Мы садимся за стол в ожидании, пока из парной выскочат женщины. Оскари развлекает нас рассказами об охоте, рыбалке. Хоть и финн, но про рыбу врет как русский. Может, это отличительная черта всех рыбаков? Я его подзадориваю, спрашиваю про приманку, про снасти и рыбнадзор.

— Какой такой рыпнатзор? Нам он зтесь не нушен. Каштый берет столько, сколько нушно тля пропитания. Если прать лишнее, то труким не тостанется. Я вишу, что ты тоше люпишь с уточкой поситеть, может, на тнях орканизуем ловлю? Я таше моку вас свозить на Писту!

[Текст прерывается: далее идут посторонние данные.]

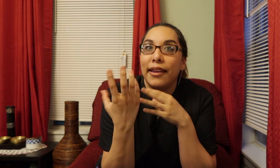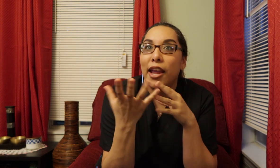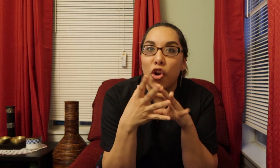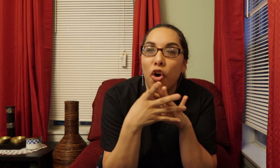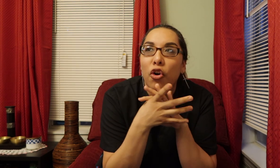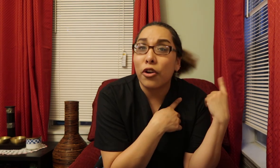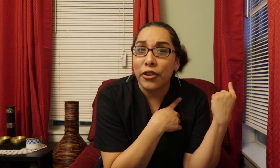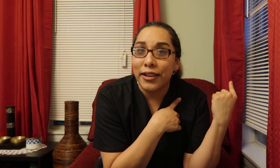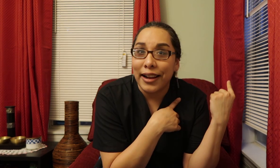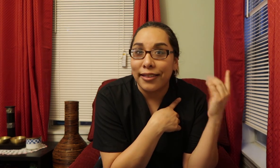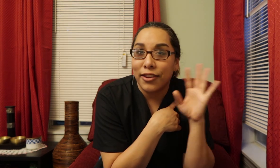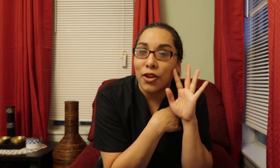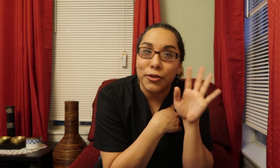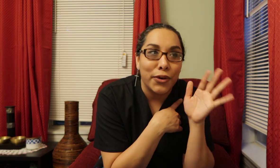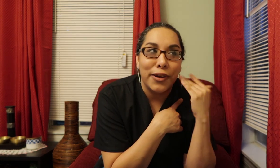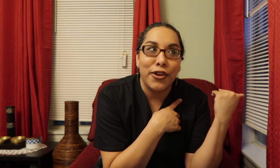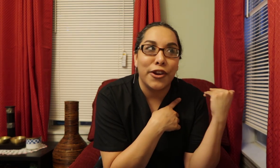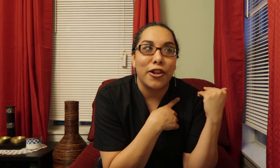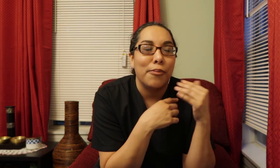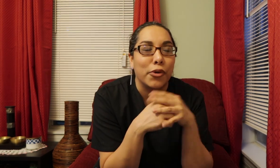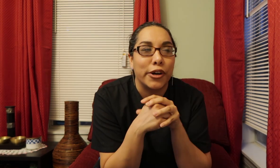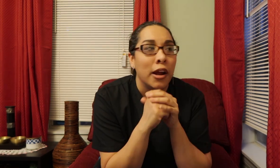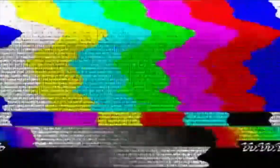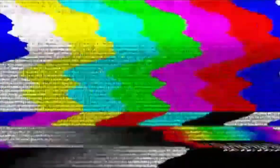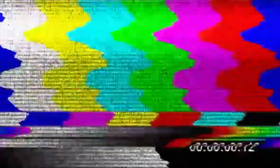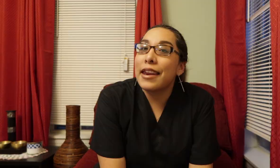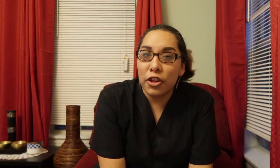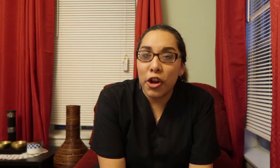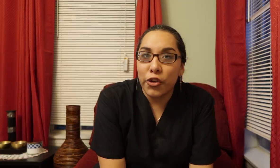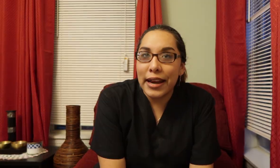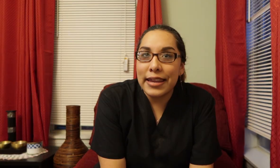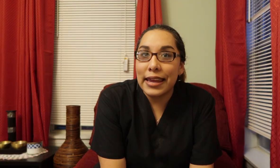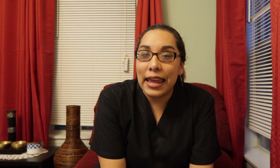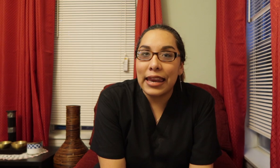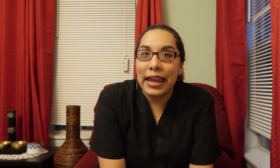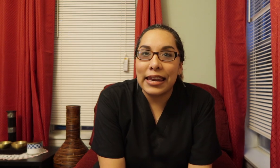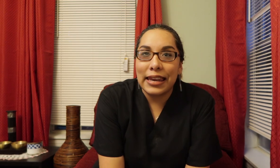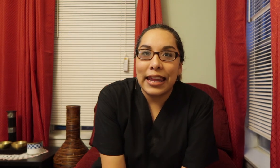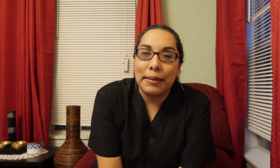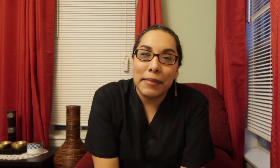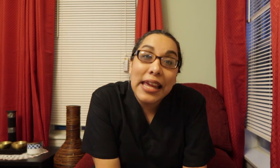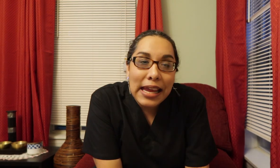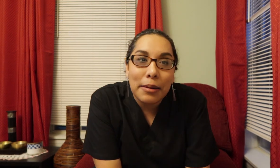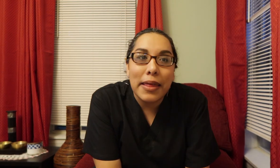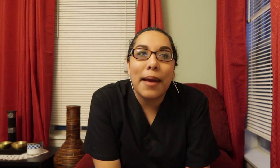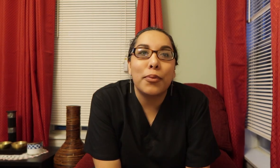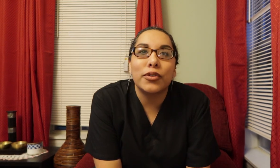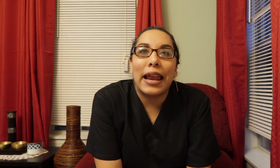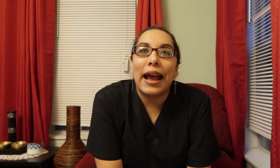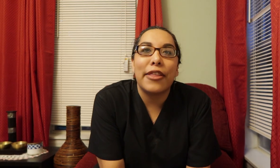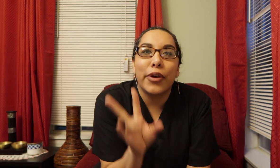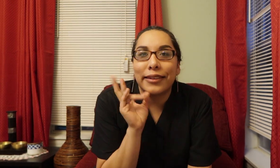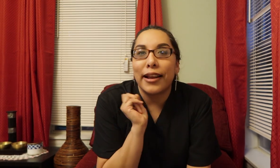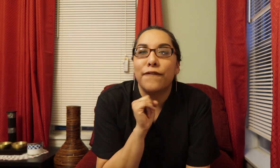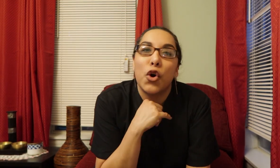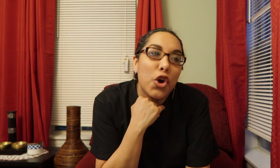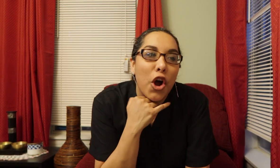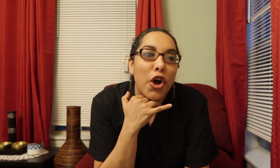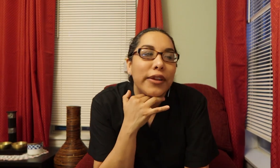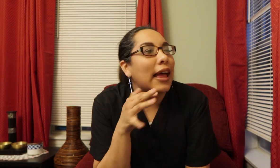dicen Que no Cortando el zacate So I'm sorry If you hear it a lot more De repente cuando están ahí En el meeting ¿Verdad? Pues Alejandro Que se capó un call Y

Последние слова он говорит с непередаваемой гордостью. Мне почему-то кажется, что я ослышался.

— Прости, куда ты нас можешь свозить?

— На Писту. Сейчас на Куйто ловля не очень. А в той речке рыпу ловить воопще запрещено, но у меня есть знакомый екерь, вместе с ним и половим. Чуть-чуть.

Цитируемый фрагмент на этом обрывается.